START Material for this exercise

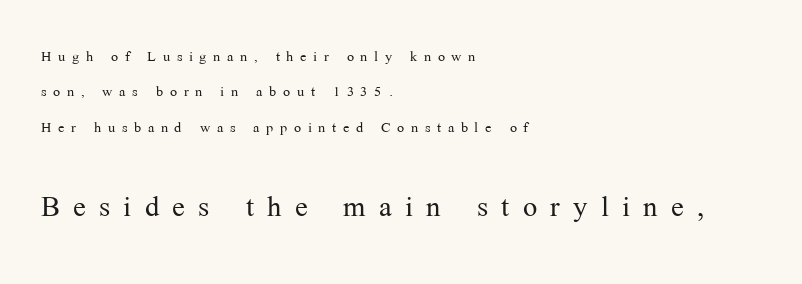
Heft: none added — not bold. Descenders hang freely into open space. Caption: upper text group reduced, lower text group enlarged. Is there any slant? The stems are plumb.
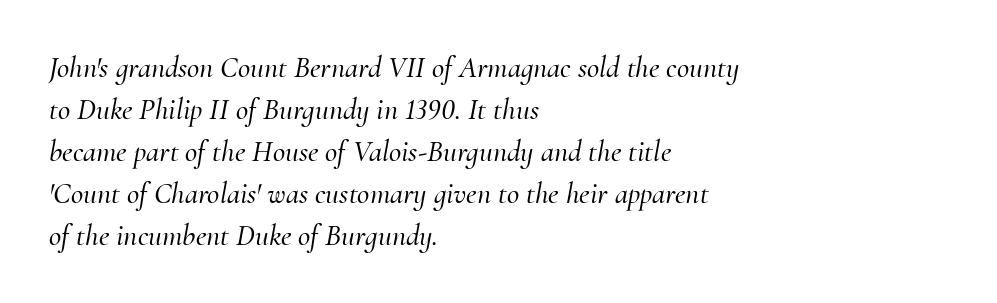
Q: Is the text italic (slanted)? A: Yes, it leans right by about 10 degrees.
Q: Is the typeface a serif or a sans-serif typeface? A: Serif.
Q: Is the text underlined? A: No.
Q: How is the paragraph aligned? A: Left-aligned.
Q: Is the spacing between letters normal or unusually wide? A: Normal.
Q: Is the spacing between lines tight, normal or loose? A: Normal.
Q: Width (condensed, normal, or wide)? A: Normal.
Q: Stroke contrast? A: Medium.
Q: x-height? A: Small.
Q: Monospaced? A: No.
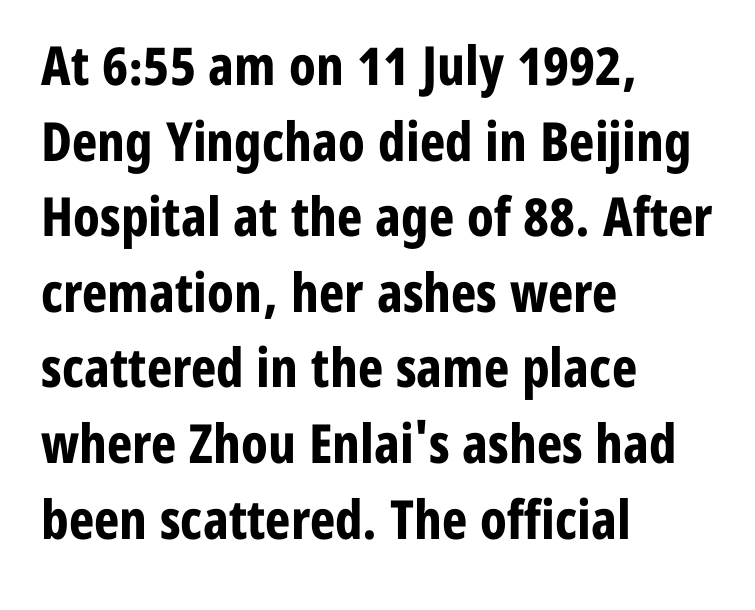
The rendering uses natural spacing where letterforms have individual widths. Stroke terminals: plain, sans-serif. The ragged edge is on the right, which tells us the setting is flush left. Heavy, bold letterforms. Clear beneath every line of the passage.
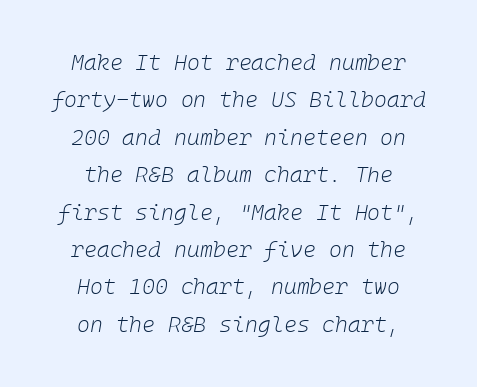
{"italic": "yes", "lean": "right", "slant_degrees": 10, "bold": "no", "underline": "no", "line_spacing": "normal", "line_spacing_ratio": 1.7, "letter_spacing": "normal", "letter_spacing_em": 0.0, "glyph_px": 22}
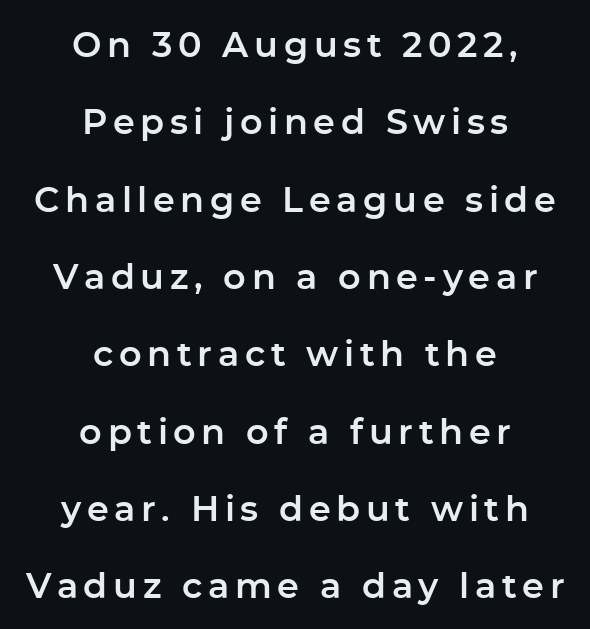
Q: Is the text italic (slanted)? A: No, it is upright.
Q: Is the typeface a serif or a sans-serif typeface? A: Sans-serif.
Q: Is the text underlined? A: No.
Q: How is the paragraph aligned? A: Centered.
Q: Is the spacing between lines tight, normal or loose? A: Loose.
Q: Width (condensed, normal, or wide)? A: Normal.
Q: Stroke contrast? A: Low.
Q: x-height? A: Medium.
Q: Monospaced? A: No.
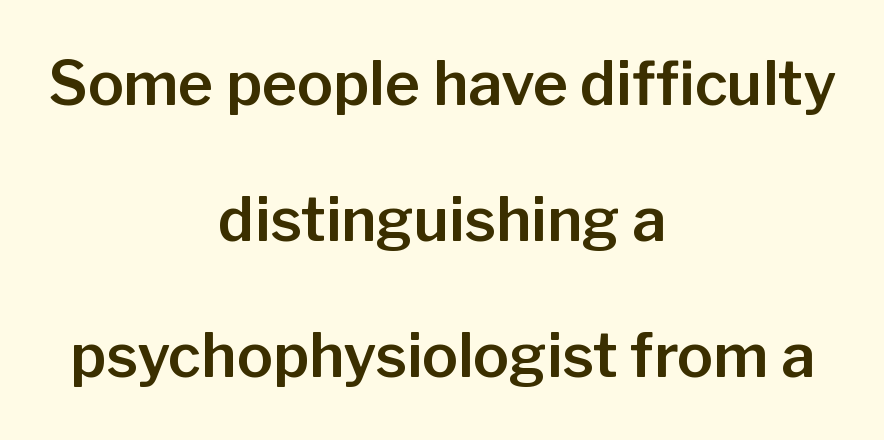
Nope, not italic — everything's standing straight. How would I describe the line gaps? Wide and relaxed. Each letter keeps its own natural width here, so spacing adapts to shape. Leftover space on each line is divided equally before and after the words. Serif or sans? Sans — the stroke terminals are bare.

END Material for this exercise

Your objective:
Your answer must be a copy of every line in the data above that holds the string "loose".

Problem solution:
Q: Is the spacing between lines tight, normal or loose? A: Normal.
Q: Is the spacing between lines tight, normal or loose? A: Loose.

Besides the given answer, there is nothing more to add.